So most architecture books are the coffee table sort, where huge, empty glass-eyed images, like big-eyed kittens on velvet, are held apart by that pureed pig Latin they squeegee into the gaps. Architecture books with people in them don't sell. That we know.

But something most people don't realise is that those glamorous architecture tomes are mostly vanity press, paid for and even - improbable as it may seem - written by their architect subjects. This is a peculiar architectural phenomenon. You don't see historians making films on themselves, or pop groups painting self-portraits. You don't see Whiteley on Whiteley. Flannery on Flannery. Even Howard on Howard.

....

All very postmodern and pluralist and PC. But Nussbaum is dreaming if he thinks democracy and design are seriously compatible. Truth is, they're not even love muffins.

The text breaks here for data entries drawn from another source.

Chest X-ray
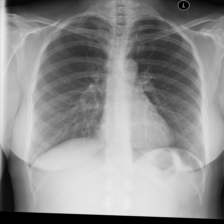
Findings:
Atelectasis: negative
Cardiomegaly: negative
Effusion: negative
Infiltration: negative
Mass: negative
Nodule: negative
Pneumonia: negative
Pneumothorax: negative
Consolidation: negative
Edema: negative
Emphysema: negative
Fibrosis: negative
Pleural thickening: negative
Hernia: negative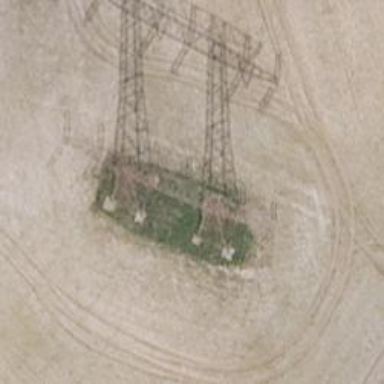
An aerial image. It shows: Tower with H-frame design.
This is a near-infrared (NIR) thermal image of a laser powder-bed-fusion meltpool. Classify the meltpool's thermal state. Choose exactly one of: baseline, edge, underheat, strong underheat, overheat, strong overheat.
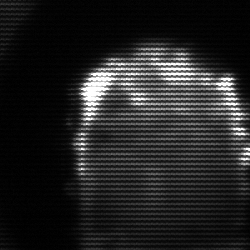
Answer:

This is partly because specialism - as in honed, polished expertise - is the core of what we call civilisation. Designing your own may bring spiritual satisfaction, and homegrown design may be less ill-advised than homegrown, say, brain surgery. But be it blog, bog or village, it still has that unmistakable backyard look.

"Design democracy" is a feelgood idea, and that's about the only quality it offers. As the Sun Microsystems co-founder Bill Joy told last year's Aspen Ideas Festival: "If I was competing with the US, I would love to have the students … spending their time on this kind of crap. To be a great designer is very hard. It's not about your friends [liking] something you did."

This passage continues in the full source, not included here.